Search code examples
pythonmachine-learningkerasdata-sciencepytorch

Is Seq2Seq the right model for my data? Any examples?


I'm trying to train a model to predict design patterns from web pages. I'm using coordinates of bounding rects given a bunch of element groupings. Patterns look like this:

 [[elementId, width, height, x, y]]

so my target would be the [[x,y]] given [[elementId, width, height]].

Concretely:

 [[5, 1.0, 1.0], [4, 1.0, 1.0], [2, 175.0, 65.0], [2, 1.0, 1.0], [4, 1.0, 1.0]]
 ->
 [[0.0, 0.0], [0.0, 10.0], [3.0, 0.0], [0.0, 68.0], [0.0, 10.0]]


 [[2, 14.0, 14.0], [2, 14.0, 14.0], [2, 14.0, 14.0]]  
 ->
 [[0.0, 3.0], [0.0, 3.0], [0.0, 3.0]]

Patterns vary in size so I've padded them with [[0,0,0]]. I currently have about 15k of them, but can get more.

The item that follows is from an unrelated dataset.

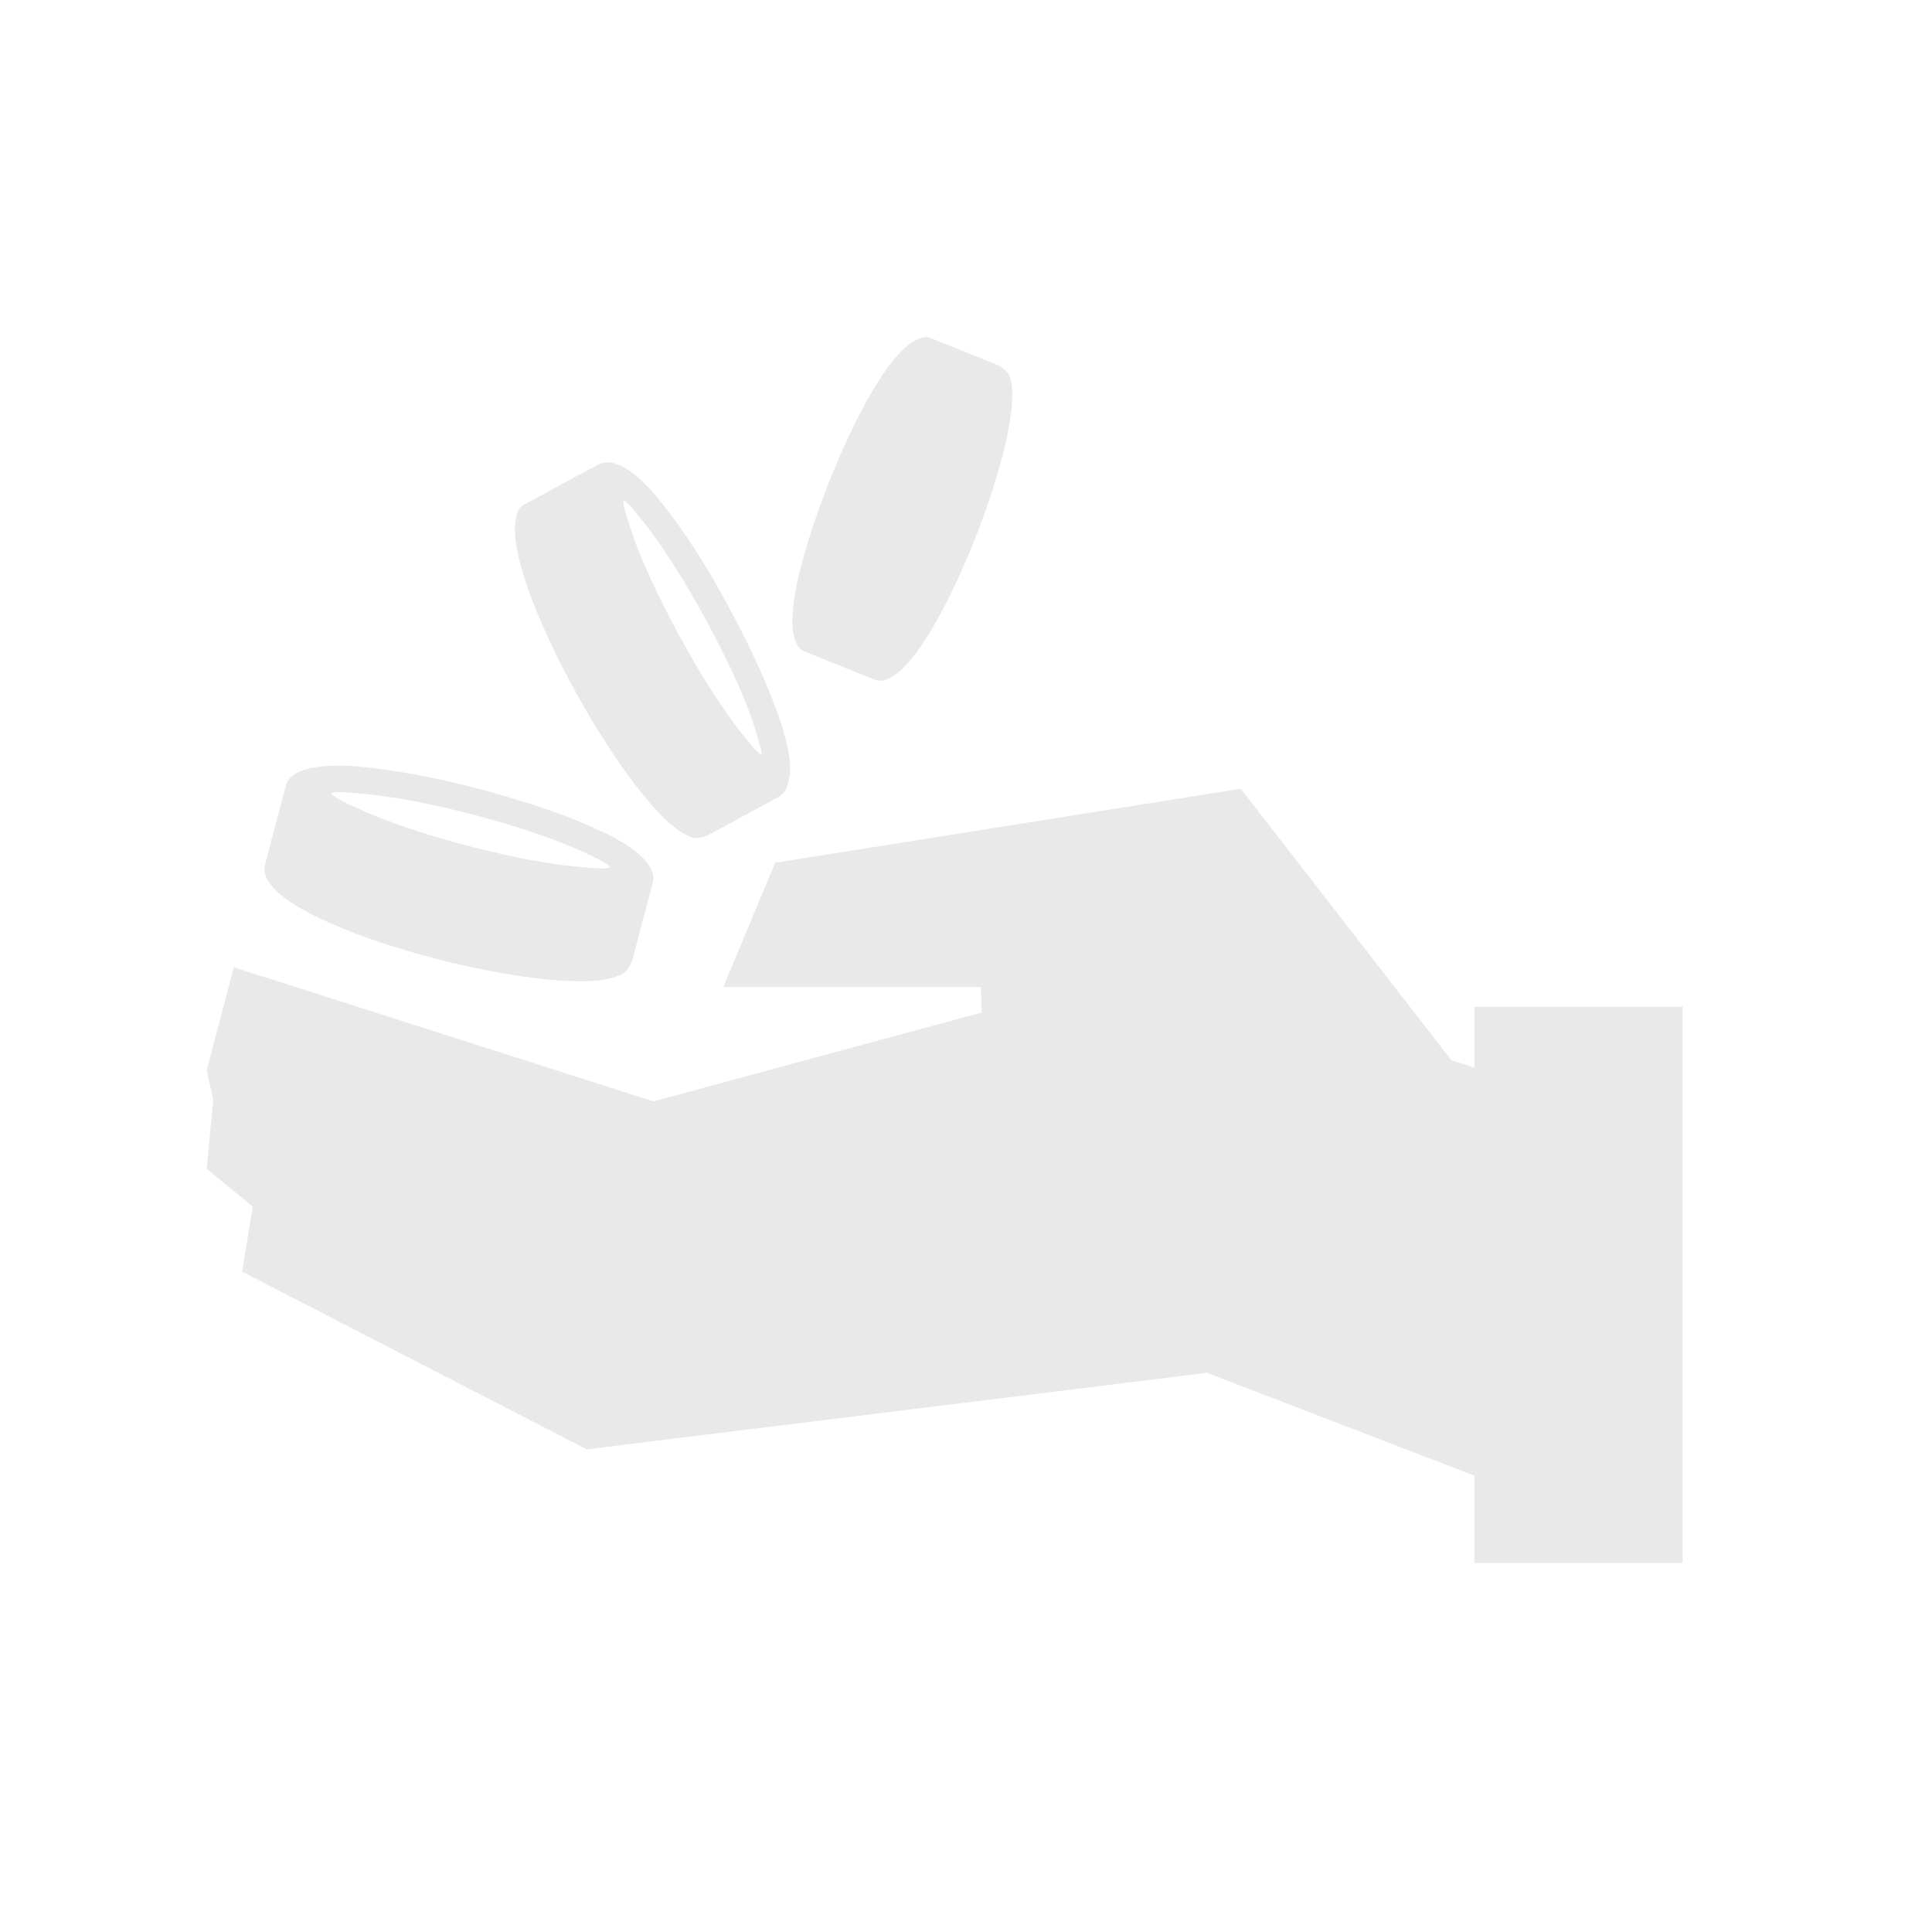 <svg fill="none" height="93" viewBox="0 0 93 93" width="93" xmlns="http://www.w3.org/2000/svg"><path d="m28.086 41.017c-1.267-.594-3.128-1.228-5.227-1.782s-4.039-.911-5.425-1.03c-.95-.079-1.426-.119-1.465 0-.04.079.396.317 1.267.713 1.267.594 3.128 1.228 5.227 1.782s4.039.911 5.425 1.03c.95.079 1.426.119 1.465 0 0-.079-.396-.317-1.267-.713zm42.887 10.375v-2.93h10.019v26.77h-10.019v-4.198l-12.87-4.95-29.858 3.683-16.592-8.554.515-3.128-2.218-1.822.317-3.326-.317-1.426 1.307-4.95 20.196 6.455 15.8-4.277-.04-1.228h-12.395l2.495-5.98 22.414-3.564 10.138 13.068zm-47.797-13.385c2.218.594 4.198 1.267 5.623 1.94 1.228.554 2.099 1.148 2.455 1.742.198.317.238.554.158.832-.317 1.228-.673 2.534-.99 3.762-.198.396-.317.554-.634.673-2.653 1.228-15.127-1.861-16.83-4.475-.198-.317-.277-.515-.198-.871.317-1.228.673-2.534.99-3.762.079-.277.198-.436.515-.634.594-.317 1.663-.436 3.01-.317 1.624.158 3.683.515 5.9 1.109zm13.108-3.128c-.436-1.346-1.267-3.128-2.297-5.029s-2.099-3.564-2.97-4.673c-.594-.752-.911-1.109-.99-1.069s.04.475.356 1.426c.436 1.346 1.267 3.128 2.297 5.029s2.099 3.564 2.97 4.673c.594.752.911 1.109.99 1.069s-.079-.475-.356-1.426zm-1.188-5.623c1.109 2.02 1.94 3.92 2.455 5.425.436 1.267.594 2.297.396 2.97-.025.145-.08.284-.162.407-.082.123-.189.227-.313.306-1.109.594-2.297 1.267-3.445 1.861-.436.158-.594.158-.911 0-2.693-1.109-8.989-12.276-8.276-15.286.079-.396.158-.554.515-.713 1.109-.594 2.297-1.267 3.445-1.861.128-.066.268-.104.411-.11s.287.017.42.071c.673.198 1.465.911 2.297 1.98.95 1.188 2.099 2.93 3.168 4.95zm8.039-10.138c-.673 1.069-1.426 2.653-2.138 4.435-.713 1.822-1.228 3.445-1.505 4.673-.198.832-.238 1.267-.158 1.267.079.04.317-.317.752-1.03.673-1.069 1.426-2.653 2.138-4.435s1.228-3.445 1.505-4.673c.198-.832.238-1.267.158-1.267-.079-.04-.317.277-.752 1.03zm-3.208 4.039c-.752 1.901-1.307 3.683-1.584 5.029-.238 1.188-.277 2.138-.04 2.693.119.277.238.436.515.515 1.069.436 2.178.871 3.247 1.307.317.119.475.079.792-.079 2.455-1.228 6.534-11.92 5.782-14.375-.079-.277-.198-.396-.515-.634-1.069-.436-2.178-.871-3.247-1.307-.238-.119-.475-.079-.752.04-.554.277-1.188.95-1.822 1.98-.792 1.228-1.624 2.93-2.376 4.831z" fill="#e9e9e9"/></svg>

I was told that seq2seq with attention is the right model for this job. I've started with https://machinelearningmastery.com/develop-encoder-decoder-model-sequence-sequence-prediction-keras/ and achieved horrendous results.

Every seq2seq example i can find (searching for keras or pytorch) is used for translation which is categorical and I'm struggling to find a good regression based example.

So my questions are:

  1. Is this the right model (encoder/decoder LSTM) for what i'm trying to do?

  2. Is there any examples if so?


Solution

  • Seq2Seq/LSTM are used when input/output are variable lengths.

    Your input is of size 3 and output is of size 2 (at least for the given examples). So you can use a simple one/two-hidden layer feed-forward model with the L2/L1 loss (for regression). Any opt (SGD/Adam) should be fine, however, Adam works well in practice.

    Also, I think you should not use coordinates as it is, you can scale it so that the highest coordinate is 1 and hence the input/output range would be between 0 and 1. An added advantage, this would help you to generalize to different screen sizes intuitively.